I have just started reading the excellent contributions on this subject. I have also struggled with the problem of room accoustics, speaker placement, etc., over the years. However the other issue I have always grappled with is the definition of natural sound. Having attended live concerts in a number of venues over the past 50 or 60 years I am still amazed at how different these various venues sound. For example, many years ago I used to attend a lot of Bournemouth SO concerts in Portsmouth Guildhall and in the Bournemouth Winter Gardens. The Portsmouth venue had a much brighter accoustic than the more reverberant latter. When the BSO moved from the Winter Gardens to the Lighthouse in Poole I found the accoutic even more reverberant.

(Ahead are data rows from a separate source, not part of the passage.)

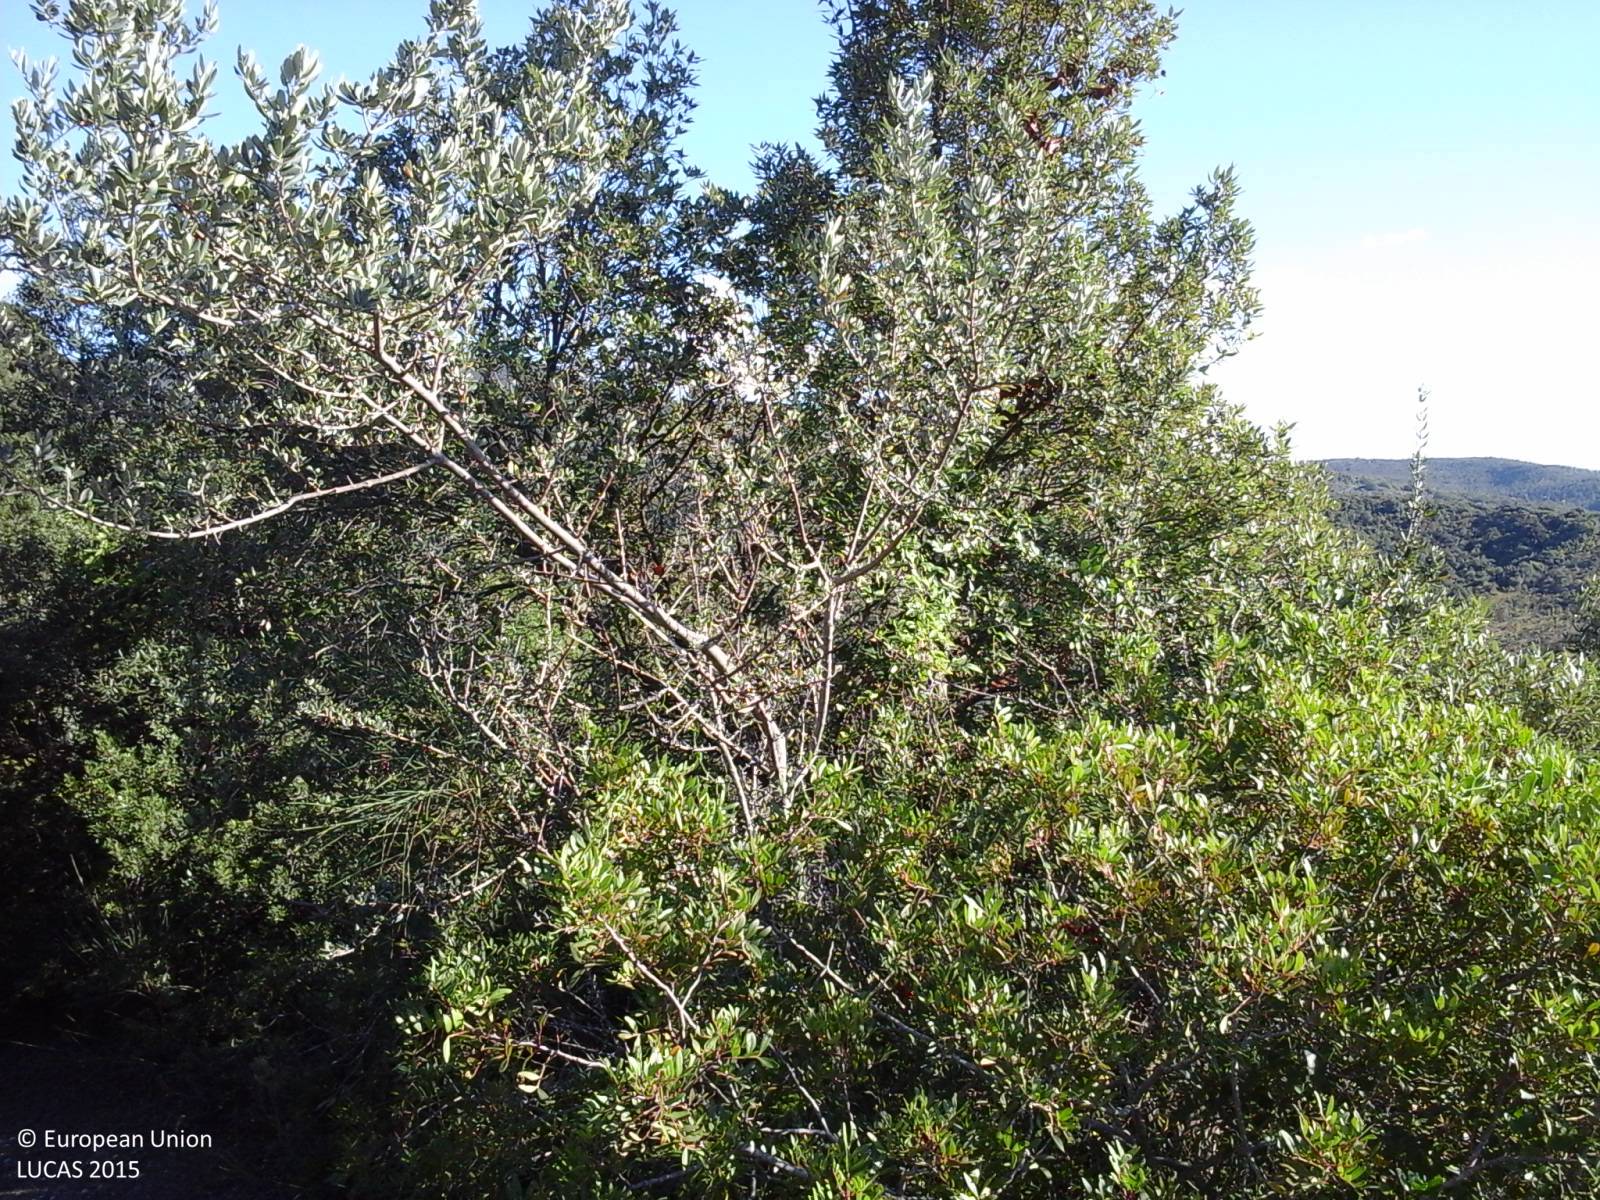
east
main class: Woodland
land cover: Broadleaved woodland
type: thermophilous deciduous forest
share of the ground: > 75 %
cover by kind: broadleaved forest trees 80 %, shrubs 20 %
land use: Forestry
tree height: > 5 m
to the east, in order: Broadleaved woodland
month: October
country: IT
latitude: 43.4108
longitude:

More recently I have been attending concerts at G Live in Guildford and the sound is even brighter than Portsmouth with the high frequencies very much to the fore even to my tired ears with their appalling high frequency hearing.
Bearing in mind the restrictions of domestic living I find now that, instead of fiddling endlessly with equipment, I prefer to concentrate on two other strategies. Firstly, I do not buy any recorded music unless I have heard at least a sample of it first and am happy with the kind of recorded sound it provides. Secondly, I listen to music on one of three different sytems depending on which gives me the most satisfying sound for that particular musical item. One features a Naim amplifier and large floorstanding speakers (the most difficult to find the best position for), another somewhat middle of the road system used with the TV, and last but not least a Harman/Kardon system attached to my computer and which comprises tiny but very transparent speakers with subwoofer located in a small room.
This may seem very odd to many audiophiles, but I find that the kind of sound the record companies produce is the most important issue for me. To give just one example, I do not like to listen to a very reverberant recording of the Bach Brandenburgh Concertos featuring one player per part; such recordings sound to me totally out of balance with very heavy bass and the violins far too recessed. One can spend a lifetime (and a fortune) trying to perfect a system at home and life is far too short when there is so much wonderful music to listen to.
Whatever means you use and however you listen, enjoy the music.